If you were physically active before pregnancy or wish to start a gentle exercise program during your pregnancy, you may be curious what limitations your growing baby may place on your body. While most exercises can be performed during pregnancy, there are some that may be too high impact or that affect your baby’s blood supply. Although you should speak with your physician before beginning any pregnancy exercise program, general exercise guidelines during pregnancy can guide you to safe exercises.

General Restrictions

Several types of exercise should be avoided as a rule while you are pregnant to minimize risk to your baby. These include exercises that are bouncing or jarring. Running may be an exception, however, if you were a runner before becoming pregnant and are familiar with how to run with a smooth gait. Leaping exercises should be avoided as well as those that cause you to change direction suddenly as this increases your risk for falling. Any exercise that has the potential for you to incur an abdominal hit also should be avoided. If you experience symptoms like pain, difficulty breathing or bleeding, cease exercising immediately.

Muscle-Toning Exercises

As you progress in your pregnancy, your growing baby begins to place extra pressure on your arteries, which can affect your sleeping position and exercise routine. After your third month of pregnancy, you should avoid exercises such as abdominal crunches that involve lying flat on your back. Inverted poses like upside-down bicycles, hand or shoulder stands and the downward dog yoga position also should be avoided. Deep-knee bends and back bends also place too much strain on the body and should be avoided.

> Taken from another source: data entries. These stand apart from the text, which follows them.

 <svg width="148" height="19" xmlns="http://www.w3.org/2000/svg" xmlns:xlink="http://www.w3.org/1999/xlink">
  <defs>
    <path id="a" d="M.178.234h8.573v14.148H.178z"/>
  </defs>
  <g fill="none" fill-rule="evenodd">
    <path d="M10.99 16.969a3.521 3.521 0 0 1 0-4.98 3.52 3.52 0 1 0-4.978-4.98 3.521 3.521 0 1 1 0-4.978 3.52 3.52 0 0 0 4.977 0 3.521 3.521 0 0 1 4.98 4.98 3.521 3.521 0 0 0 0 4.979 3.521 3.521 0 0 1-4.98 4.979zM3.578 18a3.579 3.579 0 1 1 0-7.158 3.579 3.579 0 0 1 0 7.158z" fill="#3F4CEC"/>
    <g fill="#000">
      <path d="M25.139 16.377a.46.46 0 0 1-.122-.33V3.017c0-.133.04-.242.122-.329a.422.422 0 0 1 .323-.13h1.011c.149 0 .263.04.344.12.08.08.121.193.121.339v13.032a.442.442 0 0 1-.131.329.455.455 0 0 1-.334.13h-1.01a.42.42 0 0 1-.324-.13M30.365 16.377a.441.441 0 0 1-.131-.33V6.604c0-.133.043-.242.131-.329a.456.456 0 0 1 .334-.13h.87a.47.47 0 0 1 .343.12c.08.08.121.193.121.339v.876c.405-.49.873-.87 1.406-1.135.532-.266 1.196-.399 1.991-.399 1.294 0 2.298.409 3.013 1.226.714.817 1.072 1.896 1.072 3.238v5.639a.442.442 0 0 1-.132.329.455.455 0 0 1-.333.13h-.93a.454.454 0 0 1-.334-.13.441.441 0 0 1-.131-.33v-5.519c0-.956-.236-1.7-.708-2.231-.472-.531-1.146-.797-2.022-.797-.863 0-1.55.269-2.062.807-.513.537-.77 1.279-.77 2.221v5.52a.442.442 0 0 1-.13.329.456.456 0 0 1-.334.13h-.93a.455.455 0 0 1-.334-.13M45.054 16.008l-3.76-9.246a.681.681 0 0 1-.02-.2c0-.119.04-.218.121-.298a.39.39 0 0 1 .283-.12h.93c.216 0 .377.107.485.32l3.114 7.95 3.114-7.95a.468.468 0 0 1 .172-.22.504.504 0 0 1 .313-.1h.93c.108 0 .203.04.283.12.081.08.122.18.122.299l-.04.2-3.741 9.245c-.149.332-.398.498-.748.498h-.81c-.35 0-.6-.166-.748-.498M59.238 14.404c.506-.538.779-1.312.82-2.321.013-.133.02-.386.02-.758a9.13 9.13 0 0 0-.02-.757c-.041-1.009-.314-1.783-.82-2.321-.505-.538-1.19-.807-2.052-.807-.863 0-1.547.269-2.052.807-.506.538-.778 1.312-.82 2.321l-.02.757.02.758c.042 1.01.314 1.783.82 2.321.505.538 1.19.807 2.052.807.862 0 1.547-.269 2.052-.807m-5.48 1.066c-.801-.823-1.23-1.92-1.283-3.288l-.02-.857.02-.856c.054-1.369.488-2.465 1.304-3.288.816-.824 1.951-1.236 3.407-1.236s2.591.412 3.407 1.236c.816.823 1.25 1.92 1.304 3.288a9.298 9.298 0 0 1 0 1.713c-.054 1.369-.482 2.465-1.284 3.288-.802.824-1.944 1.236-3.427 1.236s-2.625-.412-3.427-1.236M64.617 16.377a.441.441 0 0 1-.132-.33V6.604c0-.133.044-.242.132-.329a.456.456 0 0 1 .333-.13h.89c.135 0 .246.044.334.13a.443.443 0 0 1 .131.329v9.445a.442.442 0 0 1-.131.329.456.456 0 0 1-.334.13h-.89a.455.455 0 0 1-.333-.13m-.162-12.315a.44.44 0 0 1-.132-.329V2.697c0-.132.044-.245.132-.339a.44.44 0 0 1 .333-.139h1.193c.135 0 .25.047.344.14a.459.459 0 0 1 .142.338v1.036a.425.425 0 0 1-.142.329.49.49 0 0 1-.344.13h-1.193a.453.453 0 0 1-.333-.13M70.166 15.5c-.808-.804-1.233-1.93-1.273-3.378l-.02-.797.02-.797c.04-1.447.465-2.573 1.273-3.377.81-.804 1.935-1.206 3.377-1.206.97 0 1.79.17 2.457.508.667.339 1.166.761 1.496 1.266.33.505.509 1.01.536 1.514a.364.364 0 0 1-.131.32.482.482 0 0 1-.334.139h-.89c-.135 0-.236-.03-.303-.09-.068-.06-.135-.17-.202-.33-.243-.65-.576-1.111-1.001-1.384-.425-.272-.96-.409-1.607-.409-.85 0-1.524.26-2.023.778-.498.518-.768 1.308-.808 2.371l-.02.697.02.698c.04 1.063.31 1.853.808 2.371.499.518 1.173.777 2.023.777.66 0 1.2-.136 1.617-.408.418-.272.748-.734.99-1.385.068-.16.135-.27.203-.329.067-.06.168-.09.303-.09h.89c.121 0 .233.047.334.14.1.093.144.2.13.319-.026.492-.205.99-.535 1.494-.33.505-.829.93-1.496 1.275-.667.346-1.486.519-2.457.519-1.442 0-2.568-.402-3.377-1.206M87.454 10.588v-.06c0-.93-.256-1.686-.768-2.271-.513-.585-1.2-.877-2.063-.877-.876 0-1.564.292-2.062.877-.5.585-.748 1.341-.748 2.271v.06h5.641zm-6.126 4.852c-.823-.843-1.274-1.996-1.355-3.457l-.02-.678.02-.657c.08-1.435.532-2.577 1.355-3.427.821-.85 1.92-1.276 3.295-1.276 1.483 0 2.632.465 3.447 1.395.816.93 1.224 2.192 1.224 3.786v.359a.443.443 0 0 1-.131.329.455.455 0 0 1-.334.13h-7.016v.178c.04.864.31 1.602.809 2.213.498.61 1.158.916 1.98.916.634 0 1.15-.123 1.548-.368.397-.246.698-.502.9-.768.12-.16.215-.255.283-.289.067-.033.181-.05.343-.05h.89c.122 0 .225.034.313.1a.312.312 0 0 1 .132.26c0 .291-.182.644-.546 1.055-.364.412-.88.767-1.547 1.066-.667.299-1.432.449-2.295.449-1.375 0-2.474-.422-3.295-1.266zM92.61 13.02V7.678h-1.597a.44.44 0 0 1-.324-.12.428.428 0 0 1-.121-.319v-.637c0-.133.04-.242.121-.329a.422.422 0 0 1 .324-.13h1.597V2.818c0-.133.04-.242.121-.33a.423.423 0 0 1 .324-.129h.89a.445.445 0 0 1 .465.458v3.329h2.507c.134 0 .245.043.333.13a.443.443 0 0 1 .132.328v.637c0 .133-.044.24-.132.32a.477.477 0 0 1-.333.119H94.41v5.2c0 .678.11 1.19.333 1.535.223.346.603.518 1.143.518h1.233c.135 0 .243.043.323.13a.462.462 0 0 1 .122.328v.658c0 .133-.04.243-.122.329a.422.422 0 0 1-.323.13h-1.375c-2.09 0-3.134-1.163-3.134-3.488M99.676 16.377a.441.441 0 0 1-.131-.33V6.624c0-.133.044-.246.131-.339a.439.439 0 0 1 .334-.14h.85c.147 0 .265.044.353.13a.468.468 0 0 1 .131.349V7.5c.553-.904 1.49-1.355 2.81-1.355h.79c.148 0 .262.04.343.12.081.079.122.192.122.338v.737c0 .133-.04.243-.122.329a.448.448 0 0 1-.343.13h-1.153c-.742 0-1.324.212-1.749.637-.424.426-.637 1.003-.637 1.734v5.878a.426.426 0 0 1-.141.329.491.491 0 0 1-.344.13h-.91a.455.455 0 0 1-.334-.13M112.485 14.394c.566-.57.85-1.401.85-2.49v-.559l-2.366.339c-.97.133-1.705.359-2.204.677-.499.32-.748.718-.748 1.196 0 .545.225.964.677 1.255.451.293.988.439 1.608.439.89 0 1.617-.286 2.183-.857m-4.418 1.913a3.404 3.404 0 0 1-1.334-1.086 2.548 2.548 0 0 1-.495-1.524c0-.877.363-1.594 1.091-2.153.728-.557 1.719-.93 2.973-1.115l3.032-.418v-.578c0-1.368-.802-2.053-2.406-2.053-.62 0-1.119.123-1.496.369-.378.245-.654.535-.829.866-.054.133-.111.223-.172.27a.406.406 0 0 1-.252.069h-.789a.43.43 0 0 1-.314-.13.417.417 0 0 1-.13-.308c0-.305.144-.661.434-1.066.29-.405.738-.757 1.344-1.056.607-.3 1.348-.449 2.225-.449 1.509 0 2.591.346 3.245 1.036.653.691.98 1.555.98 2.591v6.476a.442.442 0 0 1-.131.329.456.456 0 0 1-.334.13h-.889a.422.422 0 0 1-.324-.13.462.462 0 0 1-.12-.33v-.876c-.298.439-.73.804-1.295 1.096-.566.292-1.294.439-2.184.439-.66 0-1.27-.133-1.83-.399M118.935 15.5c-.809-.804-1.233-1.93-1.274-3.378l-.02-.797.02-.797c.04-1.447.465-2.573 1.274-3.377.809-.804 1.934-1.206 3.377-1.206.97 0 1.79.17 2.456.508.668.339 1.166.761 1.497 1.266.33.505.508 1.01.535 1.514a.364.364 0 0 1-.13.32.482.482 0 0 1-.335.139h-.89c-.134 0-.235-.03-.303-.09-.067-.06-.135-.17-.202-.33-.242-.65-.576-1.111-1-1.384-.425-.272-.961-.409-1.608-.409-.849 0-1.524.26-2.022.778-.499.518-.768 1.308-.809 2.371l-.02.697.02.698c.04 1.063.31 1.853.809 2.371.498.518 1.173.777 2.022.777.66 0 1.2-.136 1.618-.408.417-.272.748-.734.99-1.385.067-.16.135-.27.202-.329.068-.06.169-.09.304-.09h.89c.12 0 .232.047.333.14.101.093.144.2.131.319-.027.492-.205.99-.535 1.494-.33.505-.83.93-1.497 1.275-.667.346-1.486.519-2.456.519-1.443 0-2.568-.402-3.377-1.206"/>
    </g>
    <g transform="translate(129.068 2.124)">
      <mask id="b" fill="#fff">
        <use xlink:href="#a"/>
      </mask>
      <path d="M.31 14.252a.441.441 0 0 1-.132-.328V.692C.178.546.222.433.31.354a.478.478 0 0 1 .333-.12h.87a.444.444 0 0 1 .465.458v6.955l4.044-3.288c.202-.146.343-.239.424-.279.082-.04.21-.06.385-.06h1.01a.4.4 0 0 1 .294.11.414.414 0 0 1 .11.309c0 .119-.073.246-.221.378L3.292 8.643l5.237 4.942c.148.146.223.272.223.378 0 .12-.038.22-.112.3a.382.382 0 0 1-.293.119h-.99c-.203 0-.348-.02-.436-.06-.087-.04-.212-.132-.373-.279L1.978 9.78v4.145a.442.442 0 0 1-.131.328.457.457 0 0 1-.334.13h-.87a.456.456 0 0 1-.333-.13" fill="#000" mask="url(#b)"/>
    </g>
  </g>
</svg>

Sports that involve impact and potential falling risk should be avoided during pregnancy including skiing and horseback riding. Soccer, basketball and football also increase injury and impact risk and should be avoided.

Medical Conditions and Exercise

Some conditions or health complications during pregnancy may prevent you from exercising altogether. These include a history of cervical insufficiency, placenta previa, bleeding in your second or third trimester, high blood pressure or anemia. Those individuals with heart or lung disease also should avoid exercise during pregnancy to reduce the risk for miscarriage or delivery complications. Your physician should address any individual conditions with you that may affect yours and your baby’s health.